Notwendigkeit einer Satzung

Aus der sich sonach aus den haushaltsrechtlichen Vorschriften der HGO 2012 ergebenden Handlungspflicht einer Gemeinde, im Falle der defizitären Haushaltslage Straßenbeiträge zu erheben, erwachse zwangsläufig das der Erfüllung dieser Pflicht vorgeschaltete Erfordernis, die rechtlichen Grundlagen für die Beitragserhebung durch Erlass einer Straßenbeitragssatzung zu schaffen; denn kommunale Abgaben dürften nur aufgrund einer Satzung erhoben werden (§ 2 KAG). Gegen diese Pflicht zum Erlass einer Straßenbeitragssatzung könne die Klägerin nicht mit Erfolg einwenden, es seien im Stadtgebiet straßenbeitragspflichtige Baumaßnahmen weder geplant noch absehbar (gewesen). Da der Klägerin die Straßenbaulast für die Gemeindestraßen obliege, erscheint es ausgeschlossen, dass in ihrem Bereich auf Dauer keine beitragsrelevanten Ausbaumaßnahmen an Straßen und deren Nebenanlagen anfallen würden, zumal unter Berücksichtigung der durchschnittlichen „Lebensdauer“ einer Straße, die rund 25 Jahre betrage. Selbst wenn zum im Streitfall maßgeblichen Zeitpunkt keine konkreten, beitragsfähigen Straßenbaumaßnahmen absehbar gewesen wären, sei die Klägerin daher verpflichtet gewesen, die Voraussetzungen für eine Beitragserhebung zu schaffen und eine entsprechende Satzungsregelung vorzuhalten.
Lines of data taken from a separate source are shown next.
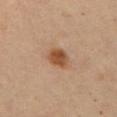workup = no biopsy performed (imaged during a skin exam)
subject = female, aged 43 to 47
size = ~3 mm (longest diameter)
lighting = cross-polarized illumination
automated lesion analysis = a classifier nevus-likeness of about 100/100
imaging modality = total-body-photography crop, ~15 mm field of view
location = the arm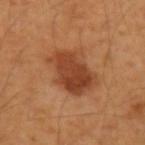The lesion was tiled from a total-body skin photograph and was not biopsied.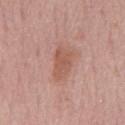Part of a total-body skin-imaging series; this lesion was reviewed on a skin check and was not flagged for biopsy. The lesion is on the chest. Cropped from a total-body skin-imaging series; the visible field is about 15 mm. A male subject, aged approximately 75.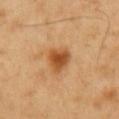Case summary:
* notes — catalogued during a skin exam; not biopsied
* acquisition — ~15 mm crop, total-body skin-cancer survey
* lesion size — about 3.5 mm
* illumination — cross-polarized illumination
* site — the front of the torso
* subject — male, about 50 years old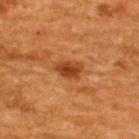Clinical impression: Part of a total-body skin-imaging series; this lesion was reviewed on a skin check and was not flagged for biopsy. Context: Located on the upper back. A lesion tile, about 15 mm wide, cut from a 3D total-body photograph. The subject is a male approximately 60 years of age.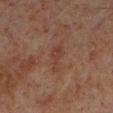Recorded during total-body skin imaging; not selected for excision or biopsy. Automated image analysis of the tile measured a lesion area of about 4.5 mm², an eccentricity of roughly 0.85, and a symmetry-axis asymmetry near 0.5. It also reported a mean CIELAB color near L≈36 a*≈20 b*≈23 and a lesion–skin lightness drop of about 6. The software also gave a border-irregularity index near 5.5/10, internal color variation of about 2 on a 0–10 scale, and a peripheral color-asymmetry measure near 0.5. The analysis additionally found a classifier nevus-likeness of about 0/100. The lesion is on the left lower leg. A male subject, in their 60s. The recorded lesion diameter is about 3.5 mm. A 15 mm close-up tile from a total-body photography series done for melanoma screening. This is a cross-polarized tile.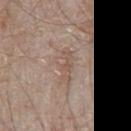No biopsy was performed on this lesion — it was imaged during a full skin examination and was not determined to be concerning. Captured under white-light illumination. A male patient aged 63–67. The lesion is on the chest. The lesion-visualizer software estimated a border-irregularity index near 5.5/10. The recorded lesion diameter is about 4.5 mm. A close-up tile cropped from a whole-body skin photograph, about 15 mm across.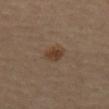Findings:
– workup · catalogued during a skin exam; not biopsied
– diameter · ~2.5 mm (longest diameter)
– automated metrics · an average lesion color of about L≈40 a*≈16 b*≈29 (CIELAB), about 8 CIELAB-L* units darker than the surrounding skin, and a normalized lesion–skin contrast near 8; a nevus-likeness score of about 90/100 and a lesion-detection confidence of about 100/100
– imaging modality · 15 mm crop, total-body photography
– lighting · cross-polarized
– patient · female, aged approximately 55
– body site · the chest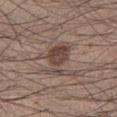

Kommunalaufsichtliche Anweisung

Dieser Verpflichtung sei die Gemeinde nicht nachgekommen. Zwar habe sie 2011 eine Straßenbeitragssatzung beschlossen und bekanntgemacht. Diese Satzung habe jedoch nicht den Vorgaben des Kommunalabgabengesetzes (KAG 2005) in Verbindung mit den haushaltswirtschaftlichen Pflichten der Klägerin genügt. Ihre Regelungen hätten zu einem nicht vertretbaren Einnahmenverzicht geführt. Insofern habe die Kommunalaufsicht die Gemeinde zum Erlass der Satzung anweisen können. Bei Nichterfüllung der Anweisung könne die Kommunalaufsicht im Wege der Ersatzvornahme nach § 140 HGO selbst eine Straßenbeitragssatzung erlassen.